Problem statement
Please repeat the lines below, exactly and only, from the one that holds "sun. In the" through the one that holds "as a temporary".

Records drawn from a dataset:
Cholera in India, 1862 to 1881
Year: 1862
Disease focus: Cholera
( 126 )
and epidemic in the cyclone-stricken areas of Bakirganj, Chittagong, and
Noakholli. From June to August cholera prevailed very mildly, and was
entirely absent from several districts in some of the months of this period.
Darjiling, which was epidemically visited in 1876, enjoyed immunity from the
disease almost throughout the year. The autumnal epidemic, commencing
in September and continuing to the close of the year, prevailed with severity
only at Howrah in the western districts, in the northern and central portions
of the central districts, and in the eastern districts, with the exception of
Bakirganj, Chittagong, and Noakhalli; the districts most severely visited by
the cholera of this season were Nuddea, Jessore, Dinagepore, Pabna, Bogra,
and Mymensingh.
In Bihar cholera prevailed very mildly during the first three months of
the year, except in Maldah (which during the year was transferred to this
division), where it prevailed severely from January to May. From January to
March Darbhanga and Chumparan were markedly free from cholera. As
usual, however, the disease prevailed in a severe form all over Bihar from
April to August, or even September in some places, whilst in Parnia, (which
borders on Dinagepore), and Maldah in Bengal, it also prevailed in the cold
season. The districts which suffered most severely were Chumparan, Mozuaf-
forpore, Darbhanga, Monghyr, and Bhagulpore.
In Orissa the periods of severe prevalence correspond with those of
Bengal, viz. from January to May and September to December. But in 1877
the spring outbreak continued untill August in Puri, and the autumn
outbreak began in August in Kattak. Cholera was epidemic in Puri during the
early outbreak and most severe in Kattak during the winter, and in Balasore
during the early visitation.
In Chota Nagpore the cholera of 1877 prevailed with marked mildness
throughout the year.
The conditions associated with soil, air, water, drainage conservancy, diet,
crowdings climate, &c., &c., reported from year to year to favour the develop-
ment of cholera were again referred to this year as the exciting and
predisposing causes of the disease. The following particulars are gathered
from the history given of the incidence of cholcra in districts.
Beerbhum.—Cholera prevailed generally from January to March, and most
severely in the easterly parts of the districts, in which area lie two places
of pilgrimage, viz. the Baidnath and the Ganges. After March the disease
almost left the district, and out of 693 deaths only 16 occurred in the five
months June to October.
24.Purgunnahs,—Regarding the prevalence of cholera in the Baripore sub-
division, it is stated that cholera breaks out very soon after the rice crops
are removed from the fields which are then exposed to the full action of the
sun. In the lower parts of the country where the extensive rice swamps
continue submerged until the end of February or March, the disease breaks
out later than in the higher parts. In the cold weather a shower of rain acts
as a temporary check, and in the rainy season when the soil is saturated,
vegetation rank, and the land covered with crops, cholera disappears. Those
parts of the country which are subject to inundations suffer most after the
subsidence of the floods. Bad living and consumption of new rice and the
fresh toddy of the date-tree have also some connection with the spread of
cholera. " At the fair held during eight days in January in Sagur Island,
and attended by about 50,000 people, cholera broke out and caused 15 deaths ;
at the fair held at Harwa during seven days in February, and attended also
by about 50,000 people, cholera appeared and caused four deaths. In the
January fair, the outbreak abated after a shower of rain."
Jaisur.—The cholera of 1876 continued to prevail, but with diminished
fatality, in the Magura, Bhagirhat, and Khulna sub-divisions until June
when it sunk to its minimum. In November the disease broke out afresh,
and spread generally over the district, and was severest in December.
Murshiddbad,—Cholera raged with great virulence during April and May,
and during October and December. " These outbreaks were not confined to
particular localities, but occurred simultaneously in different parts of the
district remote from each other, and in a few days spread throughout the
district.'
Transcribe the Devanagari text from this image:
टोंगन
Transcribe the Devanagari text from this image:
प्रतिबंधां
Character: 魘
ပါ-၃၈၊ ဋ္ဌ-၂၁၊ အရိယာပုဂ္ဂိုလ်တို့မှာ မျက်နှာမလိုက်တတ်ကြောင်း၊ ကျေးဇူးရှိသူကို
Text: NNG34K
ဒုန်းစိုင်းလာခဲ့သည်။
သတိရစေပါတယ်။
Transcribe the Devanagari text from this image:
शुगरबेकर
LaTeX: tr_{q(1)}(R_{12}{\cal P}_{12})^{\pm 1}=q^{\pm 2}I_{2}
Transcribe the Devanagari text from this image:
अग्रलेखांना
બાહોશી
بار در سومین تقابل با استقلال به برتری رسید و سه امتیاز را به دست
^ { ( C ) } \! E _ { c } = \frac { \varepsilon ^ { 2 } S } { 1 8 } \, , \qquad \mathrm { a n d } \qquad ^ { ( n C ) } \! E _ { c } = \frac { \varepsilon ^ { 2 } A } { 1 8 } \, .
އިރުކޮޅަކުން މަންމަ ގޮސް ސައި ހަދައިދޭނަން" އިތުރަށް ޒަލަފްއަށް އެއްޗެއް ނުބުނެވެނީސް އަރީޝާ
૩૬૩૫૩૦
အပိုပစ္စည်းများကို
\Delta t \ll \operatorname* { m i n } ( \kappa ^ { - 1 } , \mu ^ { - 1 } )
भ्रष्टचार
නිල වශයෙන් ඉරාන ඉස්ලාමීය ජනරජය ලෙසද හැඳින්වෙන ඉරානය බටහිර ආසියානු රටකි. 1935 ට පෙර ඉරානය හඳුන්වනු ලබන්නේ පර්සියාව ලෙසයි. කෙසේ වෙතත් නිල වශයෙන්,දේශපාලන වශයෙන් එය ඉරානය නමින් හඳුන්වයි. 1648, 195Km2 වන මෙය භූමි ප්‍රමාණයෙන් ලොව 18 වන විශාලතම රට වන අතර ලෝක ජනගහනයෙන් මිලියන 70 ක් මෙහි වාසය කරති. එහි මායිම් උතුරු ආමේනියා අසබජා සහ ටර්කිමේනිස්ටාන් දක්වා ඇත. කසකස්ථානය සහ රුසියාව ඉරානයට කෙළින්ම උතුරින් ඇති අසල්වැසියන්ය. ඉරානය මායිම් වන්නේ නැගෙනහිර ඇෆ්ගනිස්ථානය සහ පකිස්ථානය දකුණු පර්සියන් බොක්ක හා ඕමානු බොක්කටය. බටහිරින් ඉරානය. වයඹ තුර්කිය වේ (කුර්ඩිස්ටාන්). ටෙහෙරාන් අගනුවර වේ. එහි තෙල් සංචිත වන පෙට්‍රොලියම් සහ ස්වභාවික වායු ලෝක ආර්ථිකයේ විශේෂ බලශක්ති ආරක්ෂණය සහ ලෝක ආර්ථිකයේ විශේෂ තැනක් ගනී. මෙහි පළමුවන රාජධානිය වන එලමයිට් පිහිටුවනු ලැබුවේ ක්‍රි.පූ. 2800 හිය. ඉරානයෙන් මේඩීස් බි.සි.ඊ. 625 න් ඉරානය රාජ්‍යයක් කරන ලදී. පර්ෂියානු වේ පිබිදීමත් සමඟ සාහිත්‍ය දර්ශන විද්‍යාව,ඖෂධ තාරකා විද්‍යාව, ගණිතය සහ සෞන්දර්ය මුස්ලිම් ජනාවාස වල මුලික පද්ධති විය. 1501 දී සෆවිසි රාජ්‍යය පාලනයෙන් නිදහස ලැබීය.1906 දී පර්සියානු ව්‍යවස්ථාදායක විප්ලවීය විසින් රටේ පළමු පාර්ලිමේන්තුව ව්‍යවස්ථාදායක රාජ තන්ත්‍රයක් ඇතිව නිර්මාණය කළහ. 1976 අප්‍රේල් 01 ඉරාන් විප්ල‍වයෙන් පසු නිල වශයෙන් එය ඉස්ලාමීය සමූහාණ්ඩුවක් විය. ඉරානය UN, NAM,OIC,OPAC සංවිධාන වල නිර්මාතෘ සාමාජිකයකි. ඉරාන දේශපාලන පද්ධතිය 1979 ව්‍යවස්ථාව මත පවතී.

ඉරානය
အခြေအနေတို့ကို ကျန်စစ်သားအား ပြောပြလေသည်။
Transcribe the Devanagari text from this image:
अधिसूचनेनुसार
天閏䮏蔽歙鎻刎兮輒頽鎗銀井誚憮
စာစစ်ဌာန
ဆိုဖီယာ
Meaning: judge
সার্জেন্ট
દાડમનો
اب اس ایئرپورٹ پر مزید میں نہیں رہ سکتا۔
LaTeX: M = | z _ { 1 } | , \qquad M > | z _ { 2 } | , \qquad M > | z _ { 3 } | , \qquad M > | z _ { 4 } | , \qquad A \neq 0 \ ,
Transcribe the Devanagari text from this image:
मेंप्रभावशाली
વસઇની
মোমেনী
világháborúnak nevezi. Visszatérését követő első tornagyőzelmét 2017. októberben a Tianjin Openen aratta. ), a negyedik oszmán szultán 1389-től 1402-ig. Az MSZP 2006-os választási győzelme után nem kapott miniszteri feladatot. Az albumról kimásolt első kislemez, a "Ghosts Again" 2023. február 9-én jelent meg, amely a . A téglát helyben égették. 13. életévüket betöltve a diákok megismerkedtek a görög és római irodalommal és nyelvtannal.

Response for this exercise
sun. In the lower parts of the country where the extensive rice swamps
continue submerged until the end of February or March, the disease breaks
out later than in the higher parts. In the cold weather a shower of rain acts
as a temporary check, and in the rainy season when the soil is saturated,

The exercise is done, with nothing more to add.